How am I going to get past this next visit, I haven't written anything down?... No worries at all I'm sure. You'll need to talk about how you've been so she'll understand. Writing down your feelings is difficult. Mainly because if you're anything like me, you're not really sure about what feelings are because they have been so disrupted through childhood. The psychologist should understand and should help you to untangle the threads of your emotions, to help you identify your emotions and what you're feeling.
As time goes by (this doesn't happen overnight, 2 weeks, 1-2 months) you'll start to recognise and distinguish between - the feelings of shame, guilt, anger, hate, love, sadness. With each of these emotions will come memories of what caused these intense feelings. At first the feelings are overwhelming, something like you are going through at the moment. It does get BETTER!! Please believe me. I didn't think I'd ever come through it. But I did. I'm here now passing on what I've learnt and experience on my 7-8 year journey.
Does it get easier the more you disclose or does it continue to hurt like hell, before it gets better? Sorry Karen, I would love to tell you it gets easier the more you disclose, but the reality is - it will hurt like hell before you get BETTER. Before you start to 'really' feel, to see, to taste, to smell, to hear - the love of the wonderful things around you - the flowers, the sun, moon and stars, a good curry cooking, the dog with its head on your lap. It is wonderful when you get there.

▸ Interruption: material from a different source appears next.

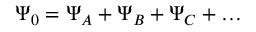
\Psi _ { 0 } = \Psi _ { A } + \Psi _ { B } + \Psi _ { C } + \ldots

Something you mentioned, ...not functioning properly... This is something you should definitely talk about with your GP and psychologist. It may mean you are using up all your 'good' chemicals (e.g. serotonin) in your body that help you to function.
Hope some of this helps you. BTW - it's okay to cry and cry. You've had an incredibly difficult life and it is okay to acknowledge it. Breaking the silence is never easy....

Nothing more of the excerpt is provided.